In 1987 fellowship from Selenia SpA at the Computer Science Department of the University of Pisa for a research activity on the interpretation of radar signals.
Successively he was in the Giuseppe Attardi research team at
Delphi SpA where he participated in the development of DELPHI
Common Lisp featuring multithreads in the context of one of the
first implementations of the CLOS Meta Object Protocol, and a WAM
based support for unification.
In 1990 he was at the Department of Computer Science of the
University of Pisa.
In 1992 he was at the Human Cognition Research Laboratory of The
Open University (UK) participating in the VITAL ESPRIT II project
and developing the VITAL-KR language.
Since 1993 he is associated at the Department of Computer Science
of the University of Bologna, where he developed one of the first
operational and concurrent specifications of a speech act based ACL
(a subset of KQML) presenting symbol-level requirements for
agent-level programming.
Successively he developed an Algebra of Actors as a basic model
for concurrency and communication in ACL.
In 1998 he was visiting the Knowledge Media Institute at The Open
University (UK) participating in the IST funded research project
IBROW3 and to the development of UPML which influenced the
modelling of web services in the semantic web effort.

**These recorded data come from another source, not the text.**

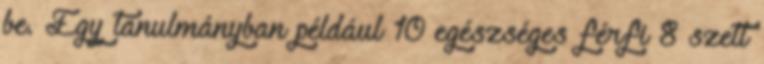
be. Egy tanulmányban például 10 egészséges férfi 8 szett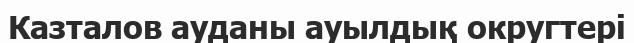
Казталов ауданы ауылдық округтері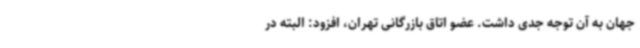
جهان به آن توجه جدی داشت. عضو اتاق بازرگانی تهران، افزود: البته در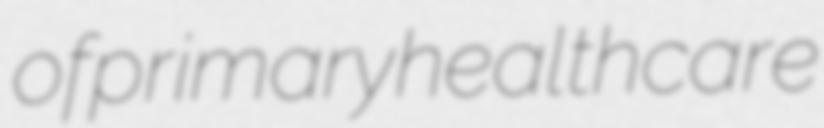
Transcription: of primary healthcare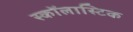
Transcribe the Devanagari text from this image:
स्कॉलास्टिक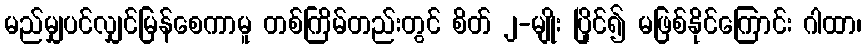
မည်မျှပင်လျှင်မြန်စေကာမူ တစ်ကြိမ်တည်းတွင် စိတ် ၂-မျိုး ပြိုင်၍ မဖြစ်နိုင်ကြောင်း ဂါထာ၊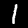
Label: 1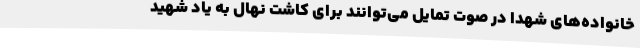
خانواده‌های شهدا در صوت تمایل می‌توانند برای کاشت نهال به یاد شهید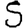
Digit: 5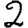
Digit: 2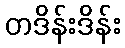
တဒိန်းဒိန်း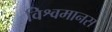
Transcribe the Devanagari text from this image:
विश्वमानस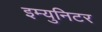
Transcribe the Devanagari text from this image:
इम्युनिटर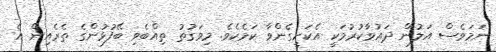
ނަމަވެސް އަލުން ދައުވާކުރުމަކީ އެކަށީގެންވާ ކަމެކެވެ. މިވަގުތު ތިއްބެވި ބޭފުޅުންގެ ތެރެއިން އެ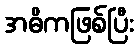
အဓိကဖြစ်ပြီး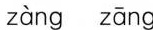
zàng zāng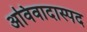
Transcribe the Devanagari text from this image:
अविवादास्पद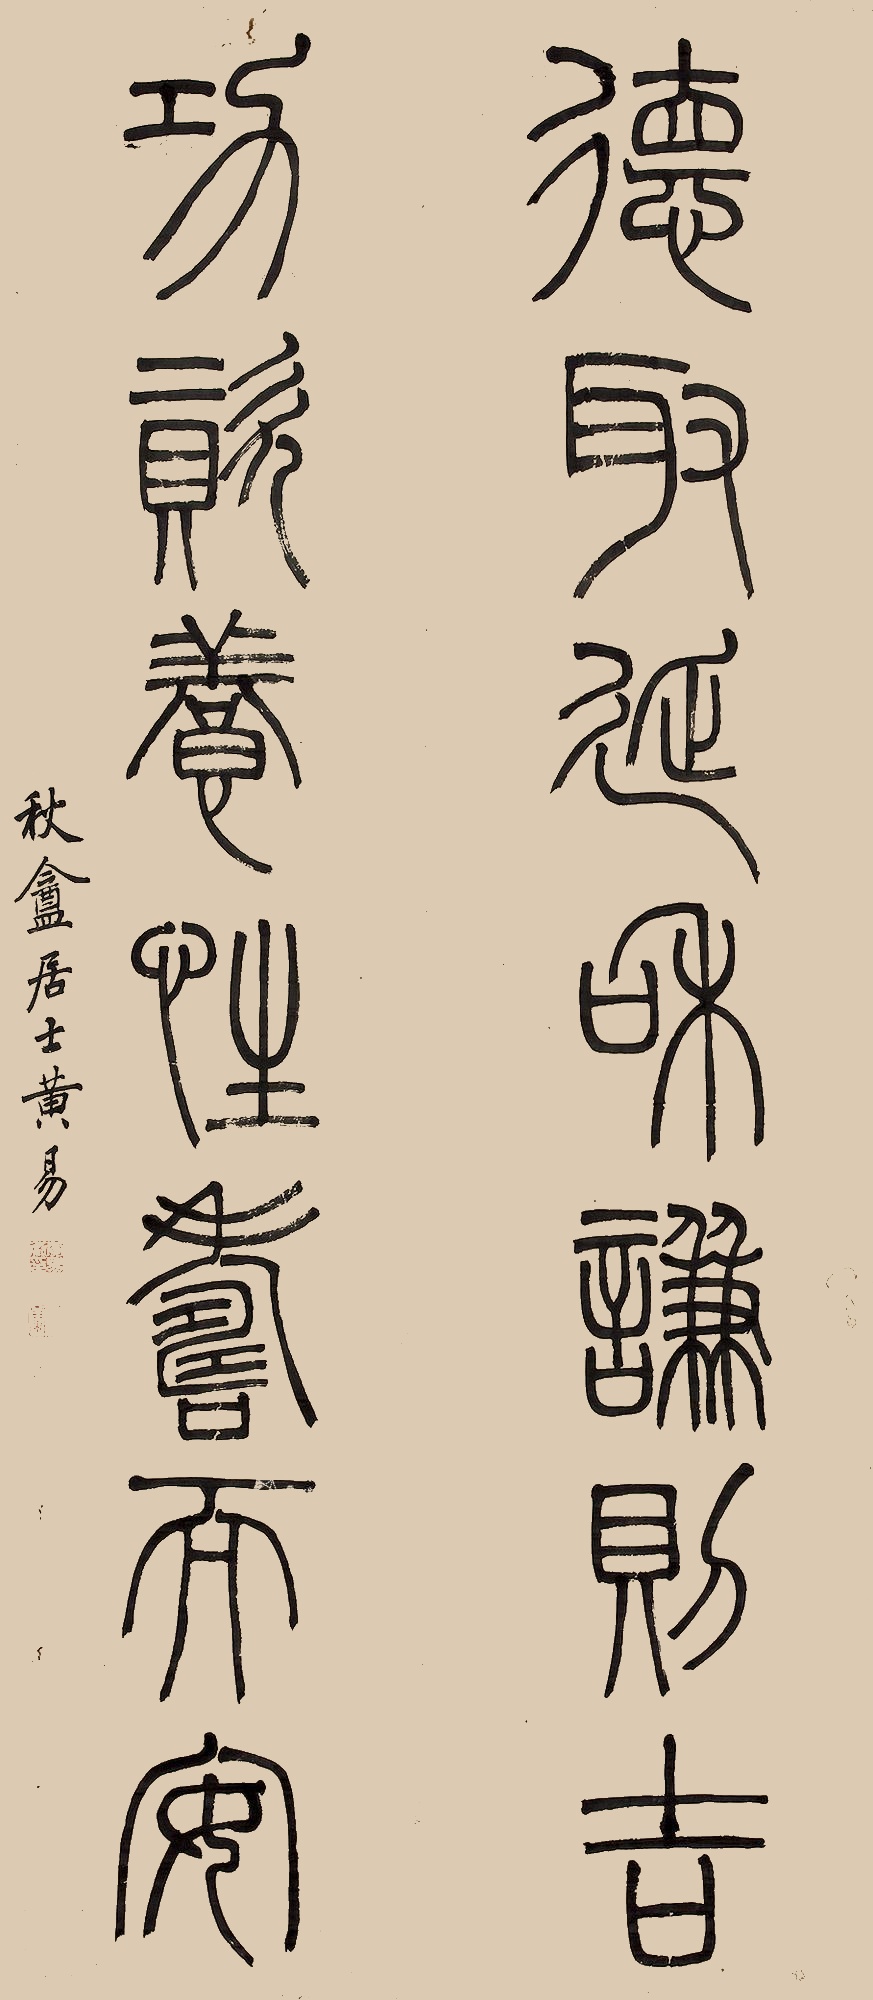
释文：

Since 1999 Mauro Gaspari is the coordinator of the AEDSS Project
which aims to develop of an expert system for the evaluation of
EDSS in multiple sclerosis.
In 2002 he was visiting the Knowledge Media Institute at The Open
University (UK) where he designed and developed the communication
infrastructure of the IRS II (Internet Reasoning Service).
From 2006 to 2010 he was involved in the development of an expert
system for fund raising management.
Starting from 2014 he is involved in a project for the development of a intelligent system able to support cognitive rehabilitation.